▸ **Data**:
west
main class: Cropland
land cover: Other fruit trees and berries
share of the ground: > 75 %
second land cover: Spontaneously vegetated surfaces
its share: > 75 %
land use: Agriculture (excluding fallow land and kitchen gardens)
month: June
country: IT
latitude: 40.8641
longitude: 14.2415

▸ **Description of the task**: Without omitting anything, retype all of the material above exactly.

▸ **Written response**:
west
main class: Cropland
land cover: Other fruit trees and berries
share of the ground: > 75 %
second land cover: Spontaneously vegetated surfaces
its share: > 75 %
land use: Agriculture (excluding fallow land and kitchen gardens)
month: June
country: IT
latitude: 40.8641
longitude: 14.2415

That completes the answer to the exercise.